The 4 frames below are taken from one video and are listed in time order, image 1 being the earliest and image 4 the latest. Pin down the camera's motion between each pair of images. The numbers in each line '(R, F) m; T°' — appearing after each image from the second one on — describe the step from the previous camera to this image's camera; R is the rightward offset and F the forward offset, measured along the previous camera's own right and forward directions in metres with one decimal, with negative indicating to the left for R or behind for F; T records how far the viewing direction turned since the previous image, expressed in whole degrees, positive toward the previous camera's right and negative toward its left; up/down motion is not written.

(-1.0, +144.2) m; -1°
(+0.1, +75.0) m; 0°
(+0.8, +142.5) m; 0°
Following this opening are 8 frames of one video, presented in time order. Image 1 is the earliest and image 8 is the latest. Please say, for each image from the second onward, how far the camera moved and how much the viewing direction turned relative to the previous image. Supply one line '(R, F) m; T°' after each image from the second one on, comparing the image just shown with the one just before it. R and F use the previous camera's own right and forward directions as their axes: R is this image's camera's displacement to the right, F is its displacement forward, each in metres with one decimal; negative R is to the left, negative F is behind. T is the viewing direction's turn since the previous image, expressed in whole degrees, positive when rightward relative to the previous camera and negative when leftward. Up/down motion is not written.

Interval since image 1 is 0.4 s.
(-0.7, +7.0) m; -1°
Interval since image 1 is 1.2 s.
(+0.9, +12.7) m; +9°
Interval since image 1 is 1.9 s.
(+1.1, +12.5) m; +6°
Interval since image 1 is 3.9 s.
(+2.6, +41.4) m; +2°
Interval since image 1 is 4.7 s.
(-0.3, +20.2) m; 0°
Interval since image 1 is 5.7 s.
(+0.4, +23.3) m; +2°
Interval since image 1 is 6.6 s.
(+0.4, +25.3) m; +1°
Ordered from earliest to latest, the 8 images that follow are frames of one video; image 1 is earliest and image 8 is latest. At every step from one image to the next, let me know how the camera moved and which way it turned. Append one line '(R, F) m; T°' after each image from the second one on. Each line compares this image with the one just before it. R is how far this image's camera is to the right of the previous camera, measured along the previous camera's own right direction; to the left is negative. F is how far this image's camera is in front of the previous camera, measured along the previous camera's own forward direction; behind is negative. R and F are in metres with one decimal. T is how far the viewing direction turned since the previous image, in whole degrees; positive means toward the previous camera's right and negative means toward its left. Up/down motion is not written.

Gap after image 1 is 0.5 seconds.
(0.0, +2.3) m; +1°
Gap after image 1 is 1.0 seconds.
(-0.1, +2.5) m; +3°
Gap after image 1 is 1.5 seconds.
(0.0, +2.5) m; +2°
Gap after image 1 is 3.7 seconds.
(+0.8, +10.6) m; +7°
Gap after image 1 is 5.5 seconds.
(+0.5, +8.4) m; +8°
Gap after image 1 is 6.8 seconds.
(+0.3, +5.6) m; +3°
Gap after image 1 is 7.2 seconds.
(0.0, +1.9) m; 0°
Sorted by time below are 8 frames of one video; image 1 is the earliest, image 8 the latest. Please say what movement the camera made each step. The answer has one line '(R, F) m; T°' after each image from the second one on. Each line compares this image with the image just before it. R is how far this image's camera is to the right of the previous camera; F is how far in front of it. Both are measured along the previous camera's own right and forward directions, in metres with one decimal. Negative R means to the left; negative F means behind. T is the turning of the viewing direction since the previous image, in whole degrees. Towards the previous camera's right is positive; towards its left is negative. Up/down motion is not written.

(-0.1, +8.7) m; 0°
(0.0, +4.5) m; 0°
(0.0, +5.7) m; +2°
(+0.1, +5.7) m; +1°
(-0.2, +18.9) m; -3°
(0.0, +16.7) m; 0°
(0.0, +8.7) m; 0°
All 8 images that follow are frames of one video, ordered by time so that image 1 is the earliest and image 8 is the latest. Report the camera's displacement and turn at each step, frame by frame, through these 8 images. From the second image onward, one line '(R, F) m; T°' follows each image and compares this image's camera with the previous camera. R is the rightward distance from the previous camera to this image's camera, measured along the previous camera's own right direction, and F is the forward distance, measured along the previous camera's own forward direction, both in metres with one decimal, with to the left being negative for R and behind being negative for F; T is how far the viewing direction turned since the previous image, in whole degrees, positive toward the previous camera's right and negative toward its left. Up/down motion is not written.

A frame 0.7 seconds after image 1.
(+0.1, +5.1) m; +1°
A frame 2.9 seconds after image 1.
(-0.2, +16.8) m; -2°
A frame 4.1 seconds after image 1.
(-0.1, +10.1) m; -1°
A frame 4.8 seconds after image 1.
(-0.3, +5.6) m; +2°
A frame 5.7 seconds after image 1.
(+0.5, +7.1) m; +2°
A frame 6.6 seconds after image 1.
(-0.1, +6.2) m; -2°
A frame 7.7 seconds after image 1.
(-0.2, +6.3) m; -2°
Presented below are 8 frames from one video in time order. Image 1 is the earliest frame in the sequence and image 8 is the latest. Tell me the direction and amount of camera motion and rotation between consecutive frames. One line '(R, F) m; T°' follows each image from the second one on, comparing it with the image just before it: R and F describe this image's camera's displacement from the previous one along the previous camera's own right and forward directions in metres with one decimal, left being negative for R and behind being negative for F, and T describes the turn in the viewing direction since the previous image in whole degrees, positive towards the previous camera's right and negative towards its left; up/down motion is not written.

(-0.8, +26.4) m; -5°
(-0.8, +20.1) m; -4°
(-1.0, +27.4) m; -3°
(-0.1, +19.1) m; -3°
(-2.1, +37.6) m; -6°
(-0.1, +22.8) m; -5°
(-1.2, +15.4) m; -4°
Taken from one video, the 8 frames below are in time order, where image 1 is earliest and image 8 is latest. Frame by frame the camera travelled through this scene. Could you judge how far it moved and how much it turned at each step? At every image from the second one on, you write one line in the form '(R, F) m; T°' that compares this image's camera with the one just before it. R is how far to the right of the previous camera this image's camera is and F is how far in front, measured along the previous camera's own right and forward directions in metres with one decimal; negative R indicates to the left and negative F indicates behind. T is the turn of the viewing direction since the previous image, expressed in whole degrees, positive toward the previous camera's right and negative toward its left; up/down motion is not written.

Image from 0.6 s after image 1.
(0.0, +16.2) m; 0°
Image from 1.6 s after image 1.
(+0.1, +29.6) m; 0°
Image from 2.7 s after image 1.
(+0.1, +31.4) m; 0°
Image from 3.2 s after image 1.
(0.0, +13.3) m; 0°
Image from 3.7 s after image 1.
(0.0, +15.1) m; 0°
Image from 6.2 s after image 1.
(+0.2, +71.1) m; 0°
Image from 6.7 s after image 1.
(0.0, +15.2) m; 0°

____

-- WHAT IS NEEDED --
Copy every line of the material exactly, keeping all of it.

-- ANSWER TO THIS EXERCISE --
The 4 frames below are taken from one video and are listed in time order, image 1 being the earliest and image 4 the latest. Pin down the camera's motion between each pair of images. The numbers in each line '(R, F) m; T°' — appearing after each image from the second one on — describe the step from the previous camera to this image's camera; R is the rightward offset and F the forward offset, measured along the previous camera's own right and forward directions in metres with one decimal, with negative indicating to the left for R or behind for F; T records how far the viewing direction turned since the previous image, expressed in whole degrees, positive toward the previous camera's right and negative toward its left; up/down motion is not written.

(-1.0, +144.2) m; -1°
(+0.1, +75.0) m; 0°
(+0.8, +142.5) m; 0°
Following this opening are 8 frames of one video, presented in time order. Image 1 is the earliest and image 8 is the latest. Please say, for each image from the second onward, how far the camera moved and how much the viewing direction turned relative to the previous image. Supply one line '(R, F) m; T°' after each image from the second one on, comparing the image just shown with the one just before it. R and F use the previous camera's own right and forward directions as their axes: R is this image's camera's displacement to the right, F is its displacement forward, each in metres with one decimal; negative R is to the left, negative F is behind. T is the viewing direction's turn since the previous image, expressed in whole degrees, positive when rightward relative to the previous camera and negative when leftward. Up/down motion is not written.

Interval since image 1 is 0.4 s.
(-0.7, +7.0) m; -1°
Interval since image 1 is 1.2 s.
(+0.9, +12.7) m; +9°
Interval since image 1 is 1.9 s.
(+1.1, +12.5) m; +6°
Interval since image 1 is 3.9 s.
(+2.6, +41.4) m; +2°
Interval since image 1 is 4.7 s.
(-0.3, +20.2) m; 0°
Interval since image 1 is 5.7 s.
(+0.4, +23.3) m; +2°
Interval since image 1 is 6.6 s.
(+0.4, +25.3) m; +1°
Ordered from earliest to latest, the 8 images that follow are frames of one video; image 1 is earliest and image 8 is latest. At every step from one image to the next, let me know how the camera moved and which way it turned. Append one line '(R, F) m; T°' after each image from the second one on. Each line compares this image with the one just before it. R is how far this image's camera is to the right of the previous camera, measured along the previous camera's own right direction; to the left is negative. F is how far this image's camera is in front of the previous camera, measured along the previous camera's own forward direction; behind is negative. R and F are in metres with one decimal. T is how far the viewing direction turned since the previous image, in whole degrees; positive means toward the previous camera's right and negative means toward its left. Up/down motion is not written.

Gap after image 1 is 0.5 seconds.
(0.0, +2.3) m; +1°
Gap after image 1 is 1.0 seconds.
(-0.1, +2.5) m; +3°
Gap after image 1 is 1.5 seconds.
(0.0, +2.5) m; +2°
Gap after image 1 is 3.7 seconds.
(+0.8, +10.6) m; +7°
Gap after image 1 is 5.5 seconds.
(+0.5, +8.4) m; +8°
Gap after image 1 is 6.8 seconds.
(+0.3, +5.6) m; +3°
Gap after image 1 is 7.2 seconds.
(0.0, +1.9) m; 0°
Sorted by time below are 8 frames of one video; image 1 is the earliest, image 8 the latest. Please say what movement the camera made each step. The answer has one line '(R, F) m; T°' after each image from the second one on. Each line compares this image with the image just before it. R is how far this image's camera is to the right of the previous camera; F is how far in front of it. Both are measured along the previous camera's own right and forward directions, in metres with one decimal. Negative R means to the left; negative F means behind. T is the turning of the viewing direction since the previous image, in whole degrees. Towards the previous camera's right is positive; towards its left is negative. Up/down motion is not written.

(-0.1, +8.7) m; 0°
(0.0, +4.5) m; 0°
(0.0, +5.7) m; +2°
(+0.1, +5.7) m; +1°
(-0.2, +18.9) m; -3°
(0.0, +16.7) m; 0°
(0.0, +8.7) m; 0°
All 8 images that follow are frames of one video, ordered by time so that image 1 is the earliest and image 8 is the latest. Report the camera's displacement and turn at each step, frame by frame, through these 8 images. From the second image onward, one line '(R, F) m; T°' follows each image and compares this image's camera with the previous camera. R is the rightward distance from the previous camera to this image's camera, measured along the previous camera's own right direction, and F is the forward distance, measured along the previous camera's own forward direction, both in metres with one decimal, with to the left being negative for R and behind being negative for F; T is how far the viewing direction turned since the previous image, in whole degrees, positive toward the previous camera's right and negative toward its left. Up/down motion is not written.

A frame 0.7 seconds after image 1.
(+0.1, +5.1) m; +1°
A frame 2.9 seconds after image 1.
(-0.2, +16.8) m; -2°
A frame 4.1 seconds after image 1.
(-0.1, +10.1) m; -1°
A frame 4.8 seconds after image 1.
(-0.3, +5.6) m; +2°
A frame 5.7 seconds after image 1.
(+0.5, +7.1) m; +2°
A frame 6.6 seconds after image 1.
(-0.1, +6.2) m; -2°
A frame 7.7 seconds after image 1.
(-0.2, +6.3) m; -2°
Presented below are 8 frames from one video in time order. Image 1 is the earliest frame in the sequence and image 8 is the latest. Tell me the direction and amount of camera motion and rotation between consecutive frames. One line '(R, F) m; T°' follows each image from the second one on, comparing it with the image just before it: R and F describe this image's camera's displacement from the previous one along the previous camera's own right and forward directions in metres with one decimal, left being negative for R and behind being negative for F, and T describes the turn in the viewing direction since the previous image in whole degrees, positive towards the previous camera's right and negative towards its left; up/down motion is not written.

(-0.8, +26.4) m; -5°
(-0.8, +20.1) m; -4°
(-1.0, +27.4) m; -3°
(-0.1, +19.1) m; -3°
(-2.1, +37.6) m; -6°
(-0.1, +22.8) m; -5°
(-1.2, +15.4) m; -4°
Taken from one video, the 8 frames below are in time order, where image 1 is earliest and image 8 is latest. Frame by frame the camera travelled through this scene. Could you judge how far it moved and how much it turned at each step? At every image from the second one on, you write one line in the form '(R, F) m; T°' that compares this image's camera with the one just before it. R is how far to the right of the previous camera this image's camera is and F is how far in front, measured along the previous camera's own right and forward directions in metres with one decimal; negative R indicates to the left and negative F indicates behind. T is the turn of the viewing direction since the previous image, expressed in whole degrees, positive toward the previous camera's right and negative toward its left; up/down motion is not written.

Image from 0.6 s after image 1.
(0.0, +16.2) m; 0°
Image from 1.6 s after image 1.
(+0.1, +29.6) m; 0°
Image from 2.7 s after image 1.
(+0.1, +31.4) m; 0°
Image from 3.2 s after image 1.
(0.0, +13.3) m; 0°
Image from 3.7 s after image 1.
(0.0, +15.1) m; 0°
Image from 6.2 s after image 1.
(+0.2, +71.1) m; 0°
Image from 6.7 s after image 1.
(0.0, +15.2) m; 0°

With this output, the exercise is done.